Action item: Transcribe all of the records, leaving out any pictures.

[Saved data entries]
□ □ □

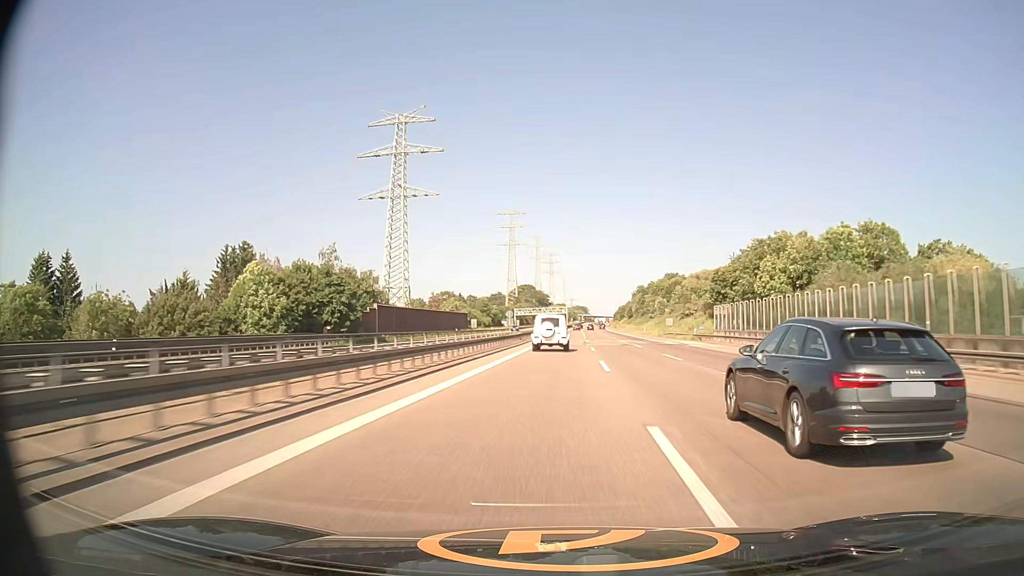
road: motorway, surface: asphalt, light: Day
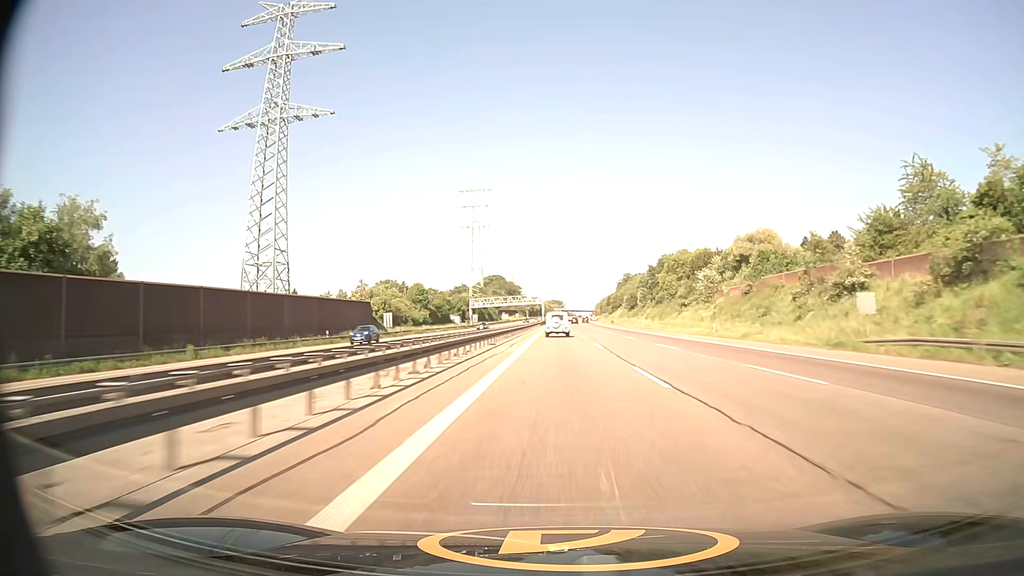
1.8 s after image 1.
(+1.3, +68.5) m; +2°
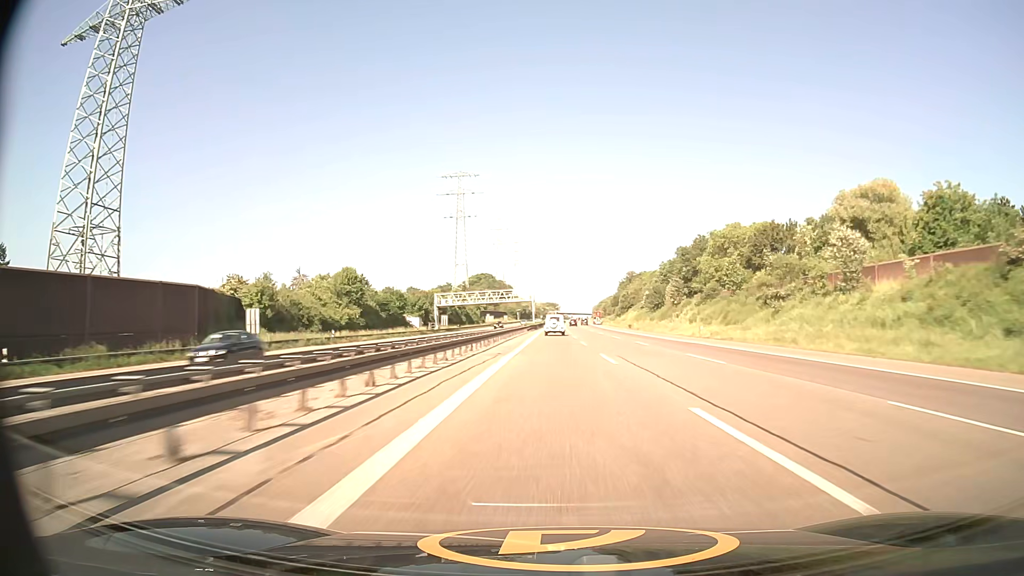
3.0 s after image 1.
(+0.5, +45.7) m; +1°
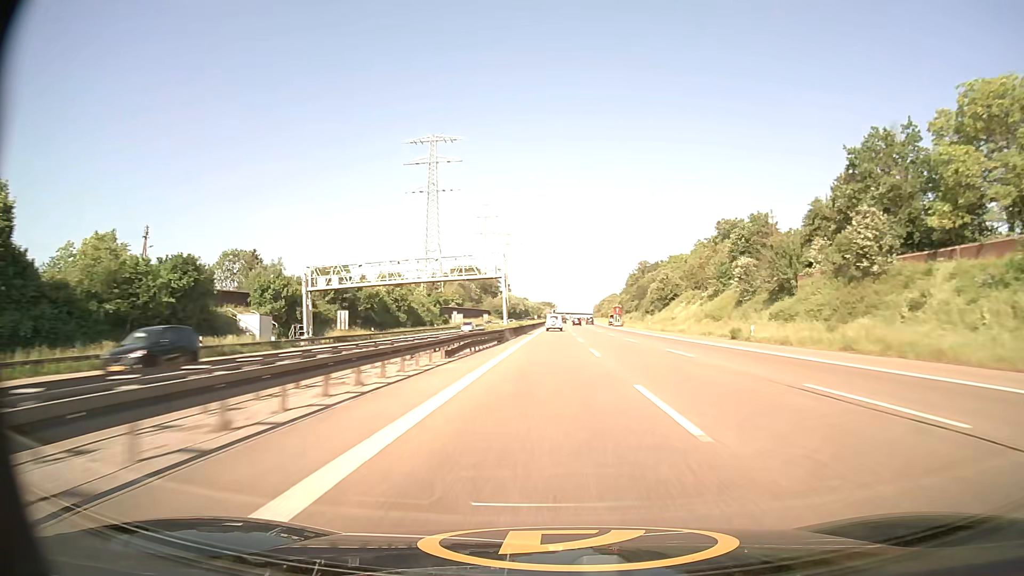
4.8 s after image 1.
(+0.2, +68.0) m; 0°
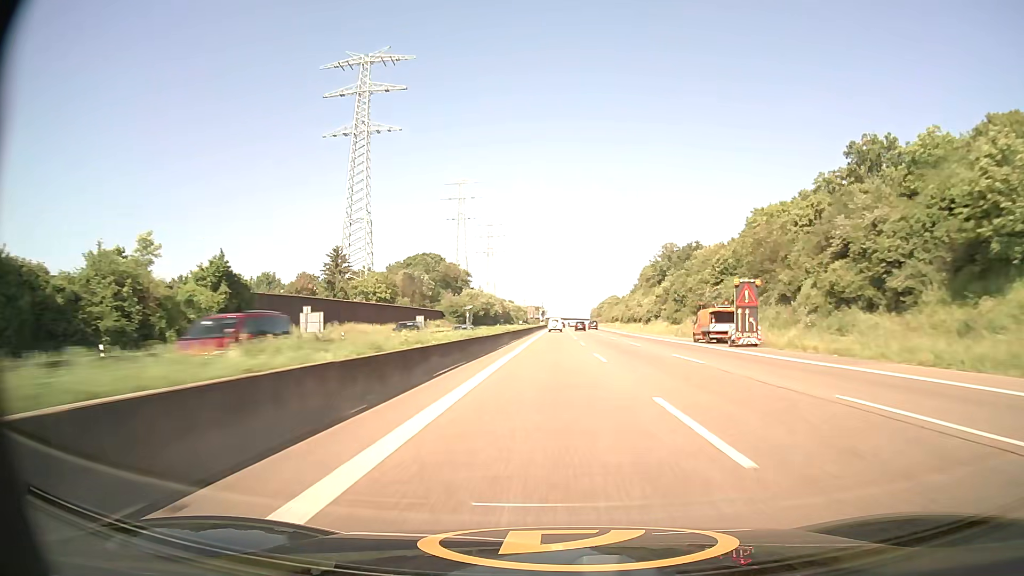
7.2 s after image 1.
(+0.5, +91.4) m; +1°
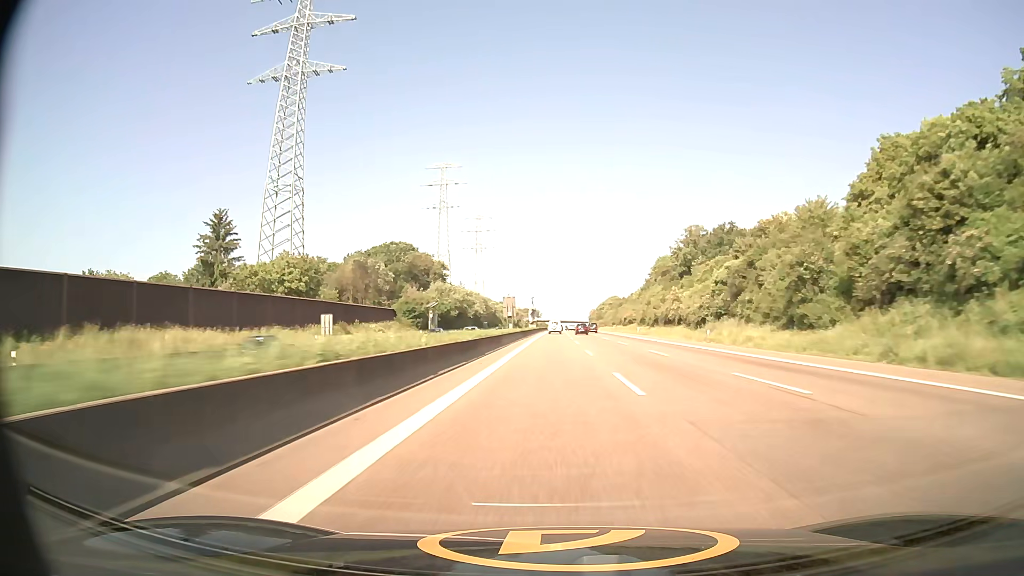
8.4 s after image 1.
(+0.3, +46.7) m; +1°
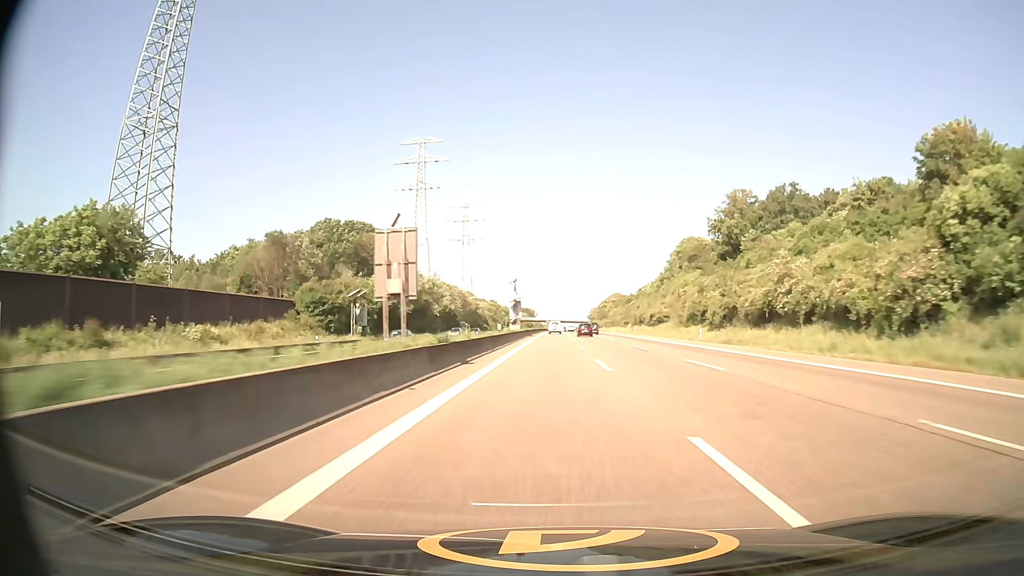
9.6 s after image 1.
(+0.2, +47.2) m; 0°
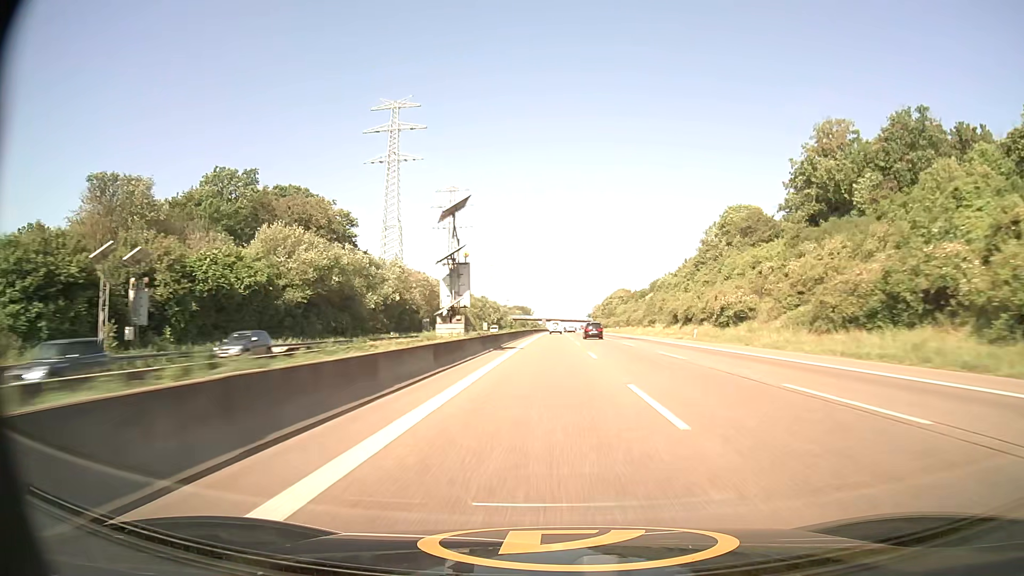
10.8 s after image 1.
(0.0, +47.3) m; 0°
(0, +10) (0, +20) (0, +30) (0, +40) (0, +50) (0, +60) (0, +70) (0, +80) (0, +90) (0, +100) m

□ □ □

Result of the exercise:
road: motorway, surface: asphalt, light: Day
1.8 s after image 1.
(+1.3, +68.5) m; +2°
3.0 s after image 1.
(+0.5, +45.7) m; +1°
4.8 s after image 1.
(+0.2, +68.0) m; 0°
7.2 s after image 1.
(+0.5, +91.4) m; +1°
8.4 s after image 1.
(+0.3, +46.7) m; +1°
9.6 s after image 1.
(+0.2, +47.2) m; 0°
10.8 s after image 1.
(0.0, +47.3) m; 0°
(0, +10) (0, +20) (0, +30) (0, +40) (0, +50) (0, +60) (0, +70) (0, +80) (0, +90) (0, +100) m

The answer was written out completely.